By brain cells, I'll assume you mean neurons (the other type are called glial cells). Yes, new neurons arise in a least certain parts of the brain, and yes, they do cause memories to weaken or disappear. This has been shown in mice, guinea pigs and degus.
It would be wrong to assume that neurogenesis occurs with the frequency of, say, gastric cell or skin turnover. Up until recently, it was not thought to occur at all.
Learning and remembering use various cortical structures, including the hippocampus.Throughout life, new neurons (neurogenesis) are continuously added to the dentate gyrus. These additions remodel hippocampal circuits, and when this occurs after memory formation, this neurogenesis leads to degradation or forgetting of established memories. This was shown in adult mice. Conversely, decreasing neurogenesis after memory formation decreased forgetting.

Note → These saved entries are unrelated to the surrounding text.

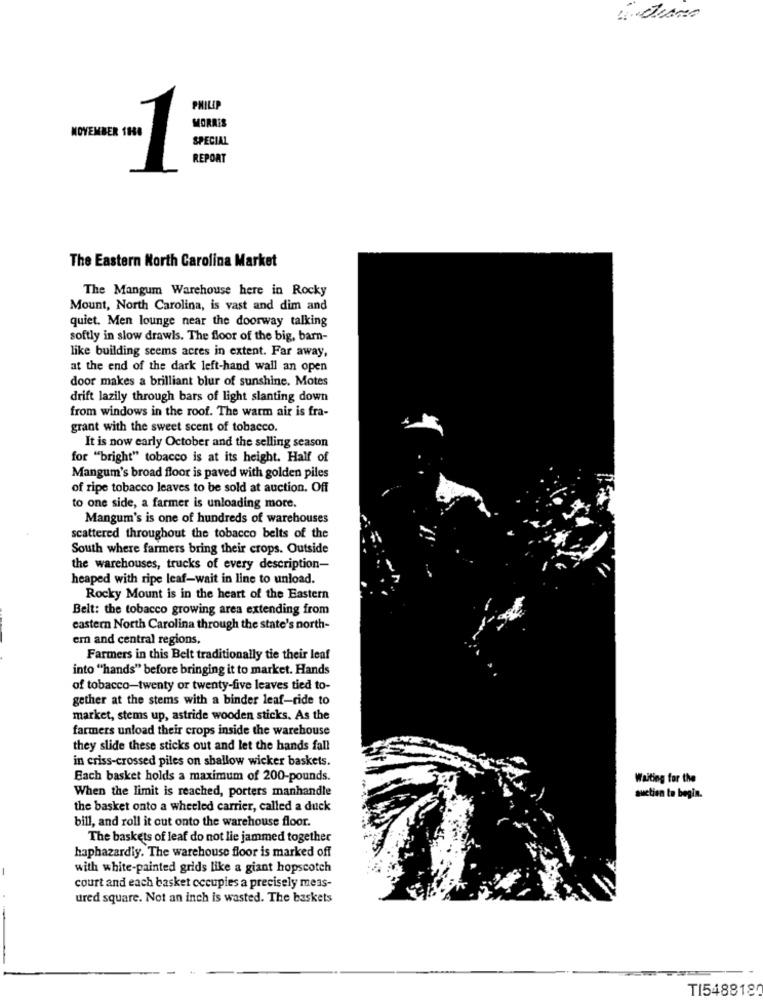
PHILIP
MORRIS
SPECIAL
REPORT
The Eastern North Carolina Market
The Mangum Warehouse here in Rocky
Mount, North Carolina, is vast and dim and
quiet. Men lounge near the doorway talking
softly in slow drawls. The floor of the big, barn-
like building seems acres in extent. Far away,
at the end of the dark left-hand wall an open
door makes a brilliant blur of sunshine. Motes
drift lazily through bars of light slanting down
from windows in the roof. The warm air is fra-
grant with the sweet scent of tobacco.
It is now early October and the selling season
for "bright" tobacco is at its height. Half of
Mangum's broad floor is paved with golden piles
of ripe tobacco leaves to be sold at auction. Off
to one side, a farmer is unloading more.
Mangum's is one of hundreds of warehouses
scattered throughout the tobacco belts of the
South where farmers bring their crops. Outside
the warehouses, trucks of every description-
heaped with ripe leaf-wait in line to unload.
Rocky Mount is in the heart of the Eastern
Belt: the tobacco growing ares extending from
eastern North Carolina through the state's north-
em and central regions,
Farmers in this Belt traditionally tie their leaf
into "hands" before bringing it to market. Hands
of tobacco-twenty or twenty-five leaves tied to-
gether at the stems with a binder leaf-ride to
market, stems up, astride wooden sticks. As the
farmers unload their crops inside the warehouse
they slide these sticks out and let the hands fall
in criss-crossed piles on shallow wicker baskets.
Bach basket holds a maximum of 200-pounds.
Waiting for the
When the limit is reached, porters manhandle
auction to begin.
the basket onto a wheeled carrier, called a duck
bill, and roll it out onto the warehouse floor.
The baskets of leaf do not lie jammed together
haphazardly. The warehouse floor is marked off
with white-painted grids like a giant hopscotch
court and each basket occupies a precisely meas-
ured square. Not an inch is wasted. The baskets
TI5488180
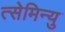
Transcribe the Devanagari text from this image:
त्सेमिन्यु
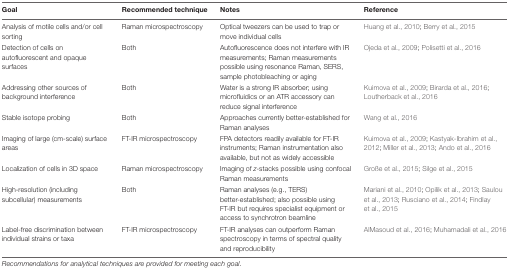
<table><thead><tr><td><b>Goal</b></td><td><b>Recommended technique</b></td><td><b>Notes</b></td><td><b>Reference</b></td></tr></thead><tbody><tr><td>Analysis of motile cells and/or cell sorting</td><td>Raman microspectroscopy</td><td>Optical tweezers can be used to trap or move individual cells</td><td>Huang et al., 2010; Berry et al., 2015</td></tr><tr><td>Detection of cells on autofluorescent and opaque surfaces</td><td>Both</td><td>Autofluorescence does not interfere with IR measurements; Raman measurements possible using resonance Raman, SERS, sample photobleaching or aging</td><td>Ojeda et al., 2009; Polisetti et al., 2016</td></tr><tr><td>Addressing other sources of background interference</td><td>Both</td><td>Water is a strong IR absorber; using microfluidics or an ATR accessory can reduce signal interference</td><td>Kuimova et al., 2009; Birarda et al., 2016; Loutherback et al., 2016</td></tr><tr><td>Stable isotope probing</td><td>Both</td><td>Approaches currently better-established for Raman analyses</td><td>Wang et al., 2016</td></tr><tr><td>Imaging of large (cm-scale) surface areas</td><td>FT-IR microspectroscopy</td><td>FPA detectors readily available for FT-IR instruments; Raman instrumentation also available, but not as widely accessible</td><td>Kuimova et al., 2009; Kastyak-Ibrahim et al., 2012; Miller et al., 2013; Ando et al., 2016</td></tr><tr><td>Localization of cells in 3D space</td><td>Raman microspectroscopy</td><td>Imaging of <i>z</i>-stacks possible using confocal Raman measurements</td><td>Große et al., 2015; Silge et al., 2015</td></tr><tr><td>High-resolution (including subcellular) measurements</td><td>Both</td><td>Raman analyses (e.g., TERS) better-established; also possible using FT-IR but requires specialist equipment or access to synchrotron beamline</td><td>Mariani et al., 2010; Opilik et al., 2013; Saulou et al., 2013; Rusciano et al., 2014; Findlay et al., 2015</td></tr><tr><td>Label-free discrimination between individual strains or taxa</td><td>FT-IR microspectroscopy</td><td>FT-IR analyses can outperform Raman spectroscopy in terms of spectral quality and reproducibility</td><td>AlMasoud et al., 2016; Muhamadali et al., 2016</td></tr></tbody></table>

It is not only plasticity that makes the brain adaptable to continuous changes in environmental demands. Adult-born neurons integrate into preexisting neuronal networks and participate in information processing. Adult neurogenesis itself is a type of circuit plasticity required for hippocampus-dependent learning and memory recall. Adult hippocampal neurogenesis may also promote forgetting.
The more neurogenesis there is, the more memories are broken down. Since we retain many memories over our lifetime, it's pretty safe to say out brains don't "turn over" every five years (or even over longer periods); some parts of our brain don't seem to undergo neurogenesis at all.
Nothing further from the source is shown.